Klixy riait. Et ce rire n’avait rien d’heureux. En prendre conscience la fit hoqueter de plus belle. La tête renversée, elle n’entendait même pas Ixaq qui s’efforçait de la rappeler à la raison, elle ne voyait pas les Messagers s’agiter autour d’elle.

Kalax avait disparu. Kalax, l’insensible, le froid, le raisonnable Kalax qui lui reprochait de jouer à l’Imparfaite avait été atteint d’émotionnite et ce n’était que maintenant qu’on le lui révélait. Pire. Son frère-de-forge s’était laissé terrasser par le mal. Il avait agressé quelqu’un, il avait volé, il avait fui. Quels ravages allait-il commettre s’il venait ici ? Allait-il détruire tout ce pour quoi les Mécanoïdes vivaient ?

Klixy riait et pourtant, elle avait peur. Peur pour elle, peur pour son peuple, peur pour Mécanâme elle-même. Qu’allaient-ils bien pouvoir faire à présent ?

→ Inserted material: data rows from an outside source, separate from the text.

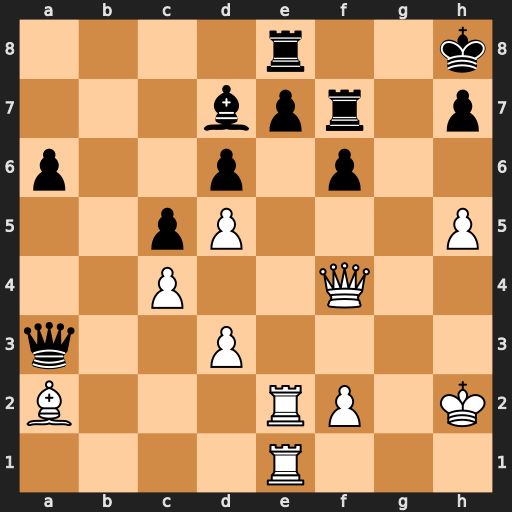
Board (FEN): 4r2k/3bpr1p/p2p1p2/2pP3P/2P2Q2/q2P4/B3RP1K/4R3
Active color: w
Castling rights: -
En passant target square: -
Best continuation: Rxe7 Rexe7 Rxe7

Un Méca-Médecin la prit par le bras avec douceur. Sans cesser de glousser, elle le suivit docilement sous le regard indéfinissable du Gardien.

— Question : est-elle devenue folle, elle aussi ?

— Réponse : je ne sais pas. Ce drôle de bruit qui sort de son corps laisse penser à un dérèglement émotif. Regr… Hypothèse : peut-être n’aurais-je pas dû te demander de lui montrer cette missive…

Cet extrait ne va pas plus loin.